Hotbyte, thank you for the reply. I feel optimistic about spraying paint with this system. I'm happy to hear that you only had to thin 10%. I was worried that I would have to thin it too much to get it to spray. I've also heard to mix it well with that type of mixer to break up the stringy latex. I like your idea of thinning the paint a gallon at a time. Stopping to thin and mix a quart at a time would be painfully slow.


----------



## hotbyte (Apr 3, 2010)

Here's a short video from Earlex (a poster here) where I picked up my methods


----------



## pintodeluxe (Sep 12, 2010)

I would use an airless sprayer. The hoppers are larger, and different tips are available for the viscosity of your stain. 
But, my Grandfather once stained a 3400 s.f. house with a 4" paintbrush, so I guess there are other methods. 
You know what he did when he finished staining? He started again because it took him 18 months to complete!

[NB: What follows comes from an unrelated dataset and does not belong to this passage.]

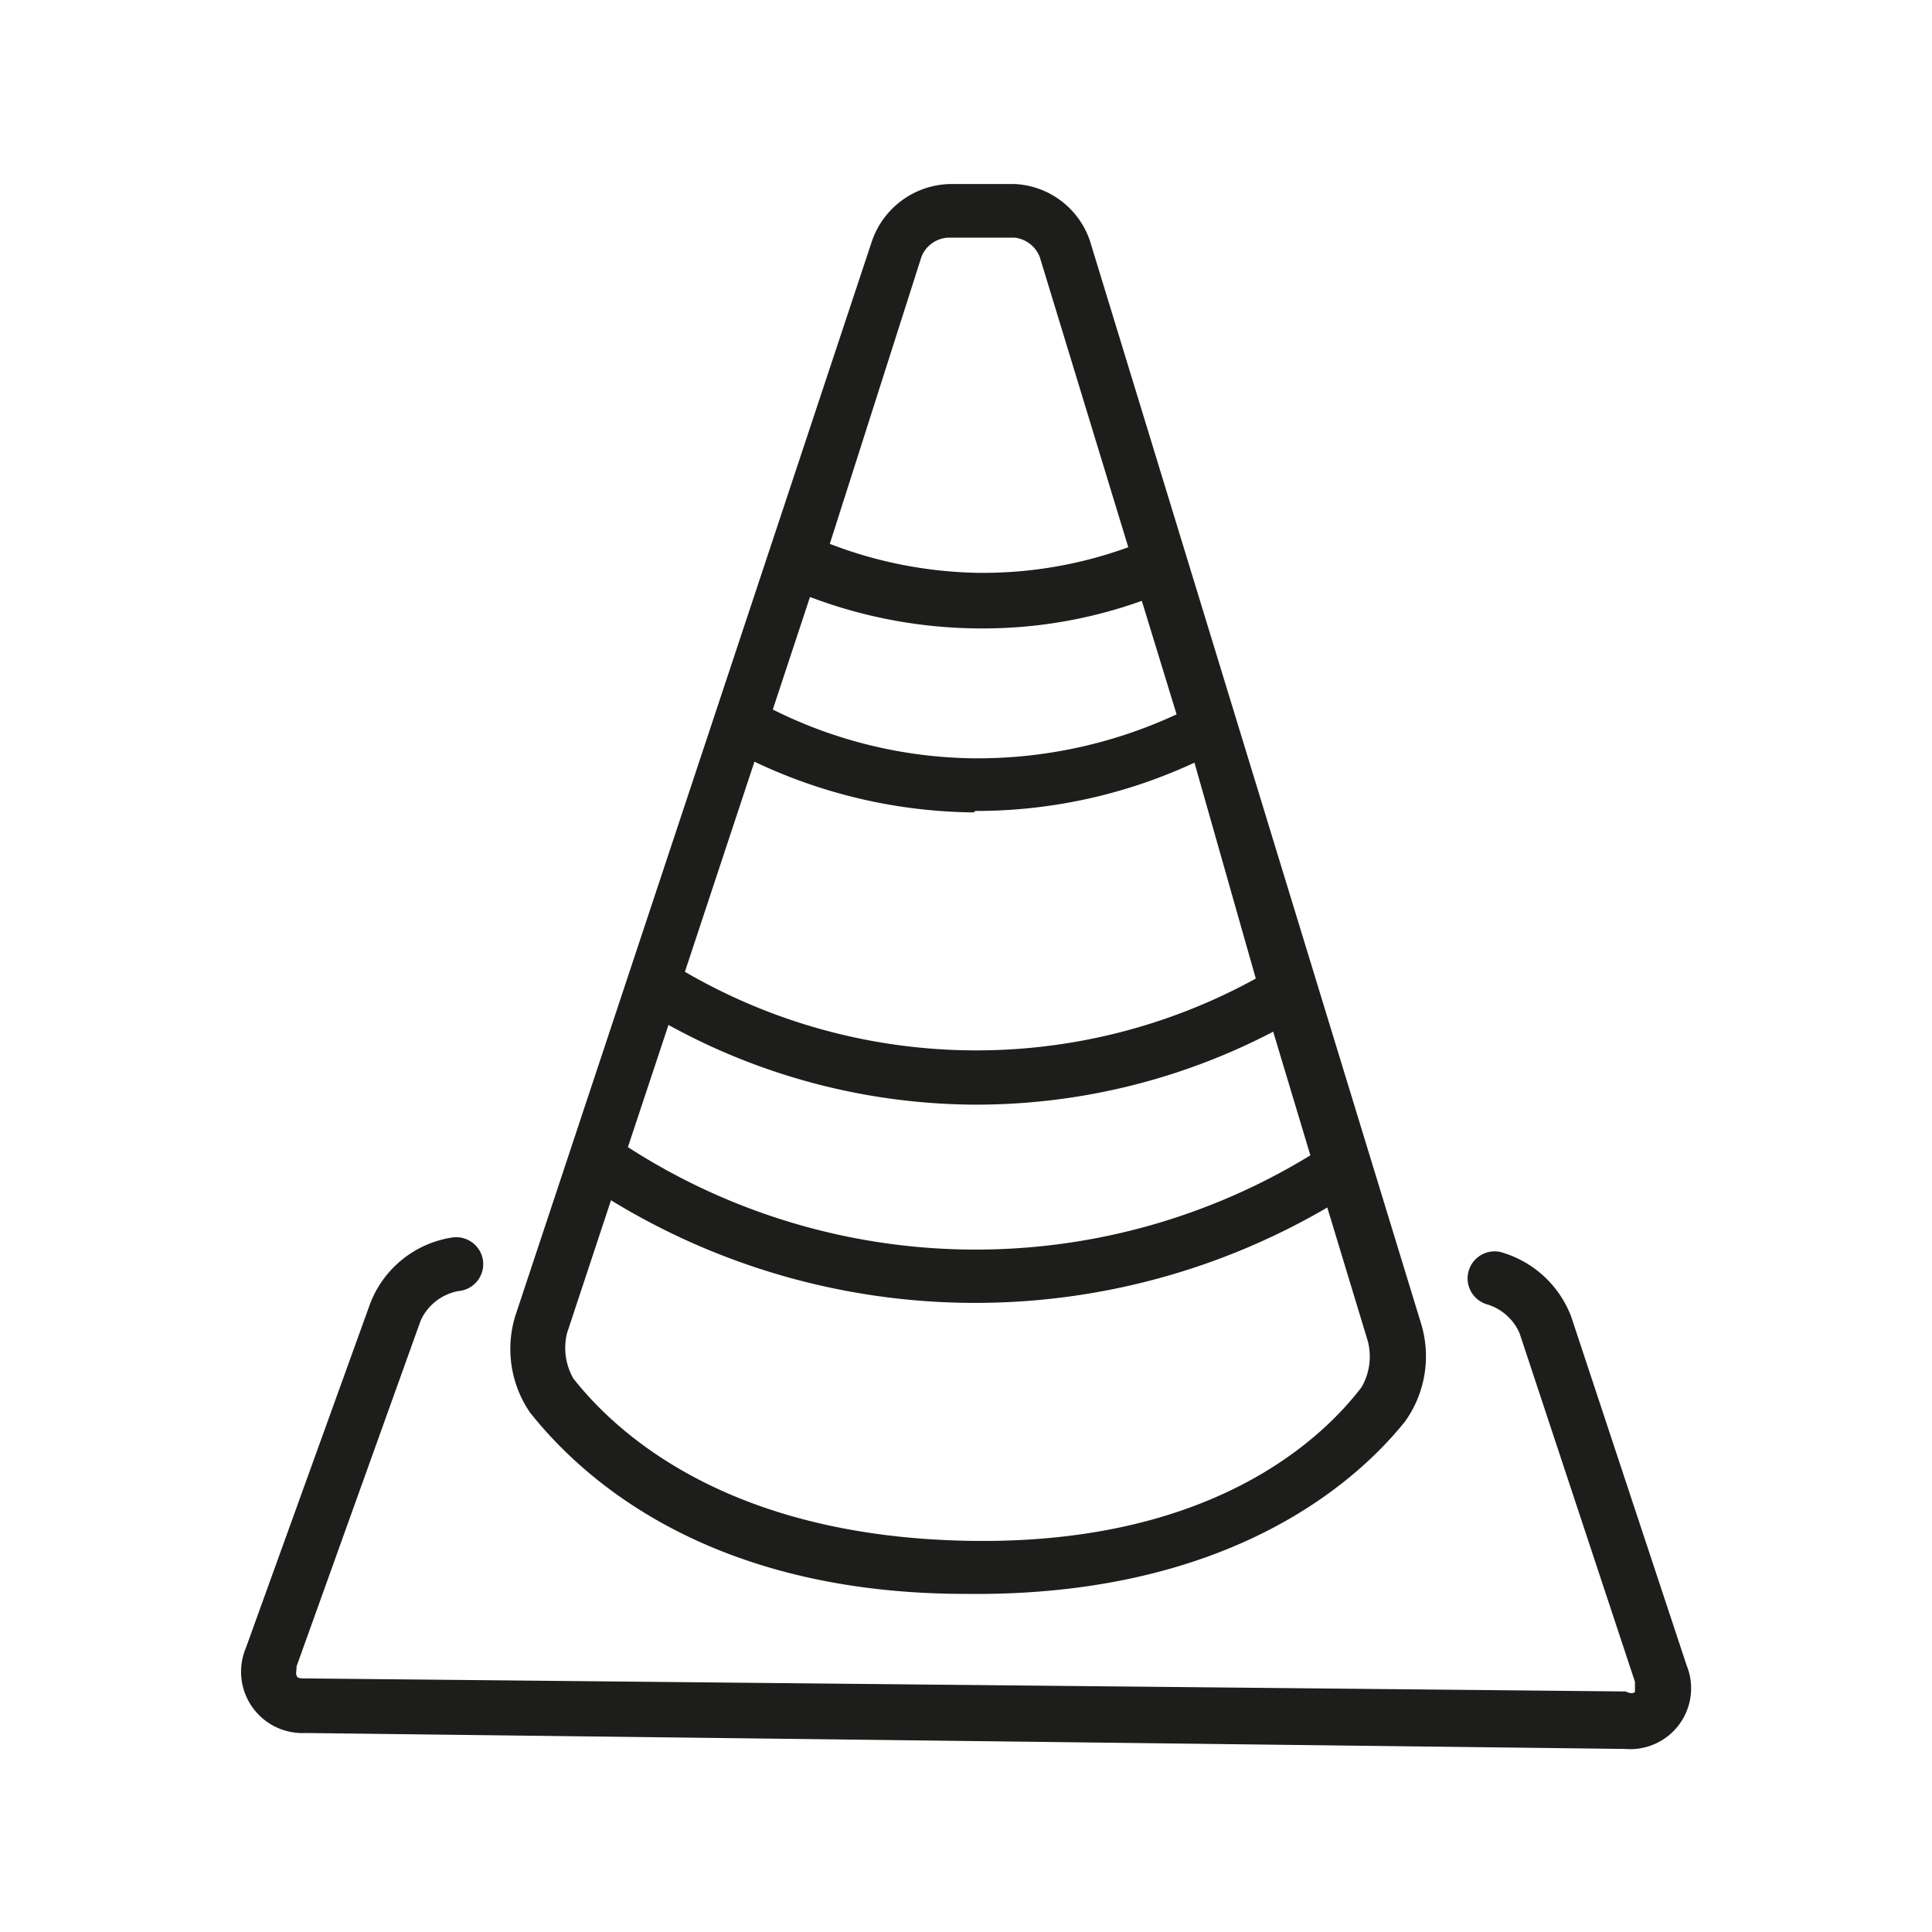 <svg xmlns="http://www.w3.org/2000/svg" viewBox="0 0 40 40"><defs><style>.cls-1{fill:#1d1d1b;}.cls-2{fill:none;}</style></defs><g id="レイヤー_2" data-name="レイヤー 2"><g id="text"><path class="cls-1" d="M20,33c5.32.06,8-2.21,9.09-3.57a2.32,2.32,0,0,0,.34-2L22.57,5A1.73,1.73,0,0,0,21,3.81l-1.29,0A1.75,1.75,0,0,0,18.05,5L10.67,27.24a2.33,2.33,0,0,0,.3,2C12.07,30.63,14.69,33,20,33Zm.19-16.21a10.72,10.72,0,0,0,4.54-1L26,20.26a12,12,0,0,1-11.82-.14l1.44-4.35A10.8,10.8,0,0,0,20.16,16.82ZM16,14.69l.77-2.33a10,10,0,0,0,3.43.65,9.75,9.75,0,0,0,3.44-.57l.72,2.35a9.77,9.77,0,0,1-4.2.91A9.52,9.52,0,0,1,16,14.69Zm4.08,8.18a13.29,13.29,0,0,0,6.28-1.51l.77,2.56A13.28,13.28,0,0,1,13,23.75l.84-2.53A13.27,13.27,0,0,0,20.09,22.87Zm-1-17.56a.63.63,0,0,1,.55-.39H21a.63.63,0,0,1,.53.41l1.83,6a8.79,8.79,0,0,1-3.1.53,8.93,8.93,0,0,1-3.08-.6ZM11.74,27.6l.91-2.75A14.44,14.44,0,0,0,27.48,25l.84,2.77a1.27,1.27,0,0,1-.13.95C27.21,30,24.83,32,20,31.9s-7.16-2.13-8.13-3.36A1.28,1.28,0,0,1,11.74,27.6Z"/><path class="cls-1" d="M6.32,35.88l27.33.33a1.26,1.26,0,0,0,1.27-1.73l-2.39-7.22a2.2,2.2,0,0,0-1.47-1.34A.56.56,0,0,0,30.77,27a1.07,1.07,0,0,1,.69.6l2.39,7.22c0,.11,0,.17,0,.2s-.08.06-.19,0L6.33,34.75c-.11,0-.17,0-.19-.06s0-.09,0-.19l2.57-7.16a1.07,1.07,0,0,1,.78-.61A.56.56,0,0,0,10,26.1a.56.56,0,0,0-.63-.48A2.17,2.17,0,0,0,7.66,27L5.09,34.12a1.27,1.27,0,0,0,1.23,1.76Z"/><rect class="cls-2" width="40" height="40"/></g></g></svg>

Good luck with your project.


----------



## pjones46 (Mar 1, 2011)

+1 with pintodeluxe

Most pro painters use an airless and cover everything nearby. Talk to a pro….


----------



## TheFridge (May 1, 2014)

Yep


----------



## Bobmedic (Sep 24, 2010)

Thank you for the replies. The question was about advice on how to do it with HVLP. Airless is NOT an option. Hotbyte supplied the information I needed. I realize that airless is probably the best option. I don't have airless and have to use the HVLP system. Also from what I've read, HVLP is more economical because it applies more paint to the surface without all the blowback and overspray. The overspray is what I'm trying to avoid. I'm only getting one system and I'm not going to spray my woodworking projects with an airless. Saying that professionals use airless is akin to me asking how to flatten a board with a hand plane only to get advice from people who say: "I'd run it through the planer or professional wood shops use a planer."


----------



## dhazelton (Feb 11, 2012)

I just sprayed some wicker furniture today with a latex solid stain. The thinning about 10% is correct and necessary. I had to stop about every five or 6 minutes and refill my cup. Also the stain hardened in the nozzle if I stopped for five minutes. If I was doing an entire house it would be maddening. I prefer to housepaint with a brush and push the paint into the wood and cracks. I was watching some Wagner sprayer videos on youtube and they show masking a room prior to spraying. I could paint a room 4 times faster with an angled sash to cut in to trim and a roller.


----------



## TheFridge (May 1, 2014)

Sorry. I went dumb for a second.


----------



## Bobmedic (Sep 24, 2010)

dhazelton, What type of sprayer did you use? The HVLP system I have has a 1 quart cup. I would hope a quart would last more than 5-6 minutes. Also is your gun a bleeder or non bleeder? A bleeder style might cause the stain to dry faster with the constant air blowing while not in use. Not sure just a thought.


----------



## dhazelton (Feb 11, 2012)

I have a Wagner from late 90s. Yes, it blows air constantly. I'm sure the hundred buck Harbor Freight is better than what I have now but I don't spray that often. I still think you'll be refilling constantly.


----------



## hotbyte (Apr 3, 2010)

I recently sprayed latex on one side of my shop. It is about 7-1/2' tall and 23' long. Wife cut in about 8-12" of the front corner because the front is already finished and corner trim painted. I did not time it but I'd guess an hour to spray the whole side including mixing/thinning, setup sprayer, get ladder, etc. I refilled my 1qt cup once but only needed about 1/3 quart to finish up.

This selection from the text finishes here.